Je vous épargne les jours suivants, ponctués de longues séquences de séchage, d'agacement, d'essai infructueux, d'écorces pébiblement peintes à la gouache, animés de longs hurlements stridents typiquement féminin à la vue d'improbables et microscopiques tâches de plâtres sur le carrelage, effacées en quelques secondes d'un coup d'éponge. Succession de journées ingrates rythmées par les passages incessants de l'aspirateur, au cas où un milligrame de papier maché viendrait à atterir malencontreusement sur les immondes bibelots empoussiérés de la tata Marcelle, au sujet desquels on me déclare allègrement sans ambage
"oui, c'est vrai qu'ils sont très moches, mais bon, c'est tata Marcelle , quand même, on va pas les jeter ! T'imagines, quand elle va venir au repas de Noël ?". Haaa...parlons-en, tiens, des "bibelots" de tata Marcelle, ce décor vieillot et abscon qui est à notre pièce à vivre ce que le home staging de Valérie Dabido est à la galerie des glaces de Versailles.

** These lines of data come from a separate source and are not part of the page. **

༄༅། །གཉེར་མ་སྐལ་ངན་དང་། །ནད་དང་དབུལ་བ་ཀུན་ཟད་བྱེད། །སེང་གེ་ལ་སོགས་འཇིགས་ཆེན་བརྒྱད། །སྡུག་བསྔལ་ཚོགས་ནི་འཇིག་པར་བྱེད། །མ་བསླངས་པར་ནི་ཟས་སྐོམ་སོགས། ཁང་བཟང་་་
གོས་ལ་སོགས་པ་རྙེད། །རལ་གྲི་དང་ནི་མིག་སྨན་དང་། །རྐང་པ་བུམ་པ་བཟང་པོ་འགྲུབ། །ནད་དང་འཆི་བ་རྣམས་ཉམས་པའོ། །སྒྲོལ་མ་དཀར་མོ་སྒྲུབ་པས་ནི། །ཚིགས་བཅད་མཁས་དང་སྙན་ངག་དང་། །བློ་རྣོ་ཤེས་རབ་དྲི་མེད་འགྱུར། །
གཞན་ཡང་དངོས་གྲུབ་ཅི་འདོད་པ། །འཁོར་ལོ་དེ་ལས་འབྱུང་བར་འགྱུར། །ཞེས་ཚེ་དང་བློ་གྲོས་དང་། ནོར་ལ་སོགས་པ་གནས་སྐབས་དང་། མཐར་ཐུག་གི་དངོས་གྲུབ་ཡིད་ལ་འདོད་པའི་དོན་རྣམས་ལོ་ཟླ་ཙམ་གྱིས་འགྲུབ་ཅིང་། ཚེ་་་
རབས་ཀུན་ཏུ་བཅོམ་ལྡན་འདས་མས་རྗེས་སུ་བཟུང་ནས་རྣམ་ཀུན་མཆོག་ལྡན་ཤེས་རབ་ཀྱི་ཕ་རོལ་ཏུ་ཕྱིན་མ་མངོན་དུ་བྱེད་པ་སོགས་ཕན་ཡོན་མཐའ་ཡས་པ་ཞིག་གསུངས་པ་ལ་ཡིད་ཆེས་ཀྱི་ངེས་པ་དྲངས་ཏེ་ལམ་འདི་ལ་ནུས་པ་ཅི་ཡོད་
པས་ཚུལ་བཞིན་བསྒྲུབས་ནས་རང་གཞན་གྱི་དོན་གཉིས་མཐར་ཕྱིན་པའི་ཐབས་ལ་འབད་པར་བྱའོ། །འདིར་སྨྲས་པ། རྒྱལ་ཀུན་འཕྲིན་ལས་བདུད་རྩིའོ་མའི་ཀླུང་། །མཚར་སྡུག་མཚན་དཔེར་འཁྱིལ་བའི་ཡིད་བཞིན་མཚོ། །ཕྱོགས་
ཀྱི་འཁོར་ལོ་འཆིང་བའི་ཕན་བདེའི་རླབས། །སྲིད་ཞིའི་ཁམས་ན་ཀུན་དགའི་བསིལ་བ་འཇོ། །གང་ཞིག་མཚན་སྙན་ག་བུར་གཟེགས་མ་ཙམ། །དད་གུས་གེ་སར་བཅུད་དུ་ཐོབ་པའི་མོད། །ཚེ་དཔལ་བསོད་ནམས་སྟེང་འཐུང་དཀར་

Ce fatras immonde que je m'escrime régulièrement à planquer derrière un gros livre, accumulation improbable où la boule à neige du Mont St Michel fait une concurrence très loyale à la Vierge Marie plastique 50% plastique, 50% eau bénite. Les "bibelots de tata Marcelle", ce gros farfouilli d'étrons lugubrement alignés qu' "on ne va pas jeter quand même".... Ce fruit de mon incommensurable lâcheté conjugale, qui me pousse à feindre depuis des années l'ignorance de ces trois simples mots imprononçables : "ben si, justement".
Sans doute, connaissez-vous cela aussi, à n'en pas douter.... Mais je m'égare, je m'égare...
Et puis ce matin, c'est la dernière ligne droite : les gros éléments de décor
Escoffier (moulin, étable, maison bleue, pont) dont je disposais sont définitivement débarassés de leur papier bulle, et fébrilement positionnés. Vont-il bien intégrer leur emplacement définitif, si soigneusement calculés? Quelques caillous ici pour caler, un peu de sable de décor là...L'angoisse est à son paroxysme...
Allez, trêve de plaisanterie...
Quelques villageois des alentours s'approchent tranquillement. Le
vieil aveugle et l'enfant viennent de franchir le portail, le
ravi est déjà en extase, alors même que le
tambourinaïre sonne le rappel des troupes.
Que ce ruisseau m'a donné du fil à retordre ! L'objectif n'était pas d'aller chercher l'ultra-réalisme que l'on observe sur
nos vos réseaux mais de rester humblement ici dans le style très particulier des décors, plus grossiers dirons certains, des crêches provençales. Je m'en remets ici donc au jugement des spécialistes ici.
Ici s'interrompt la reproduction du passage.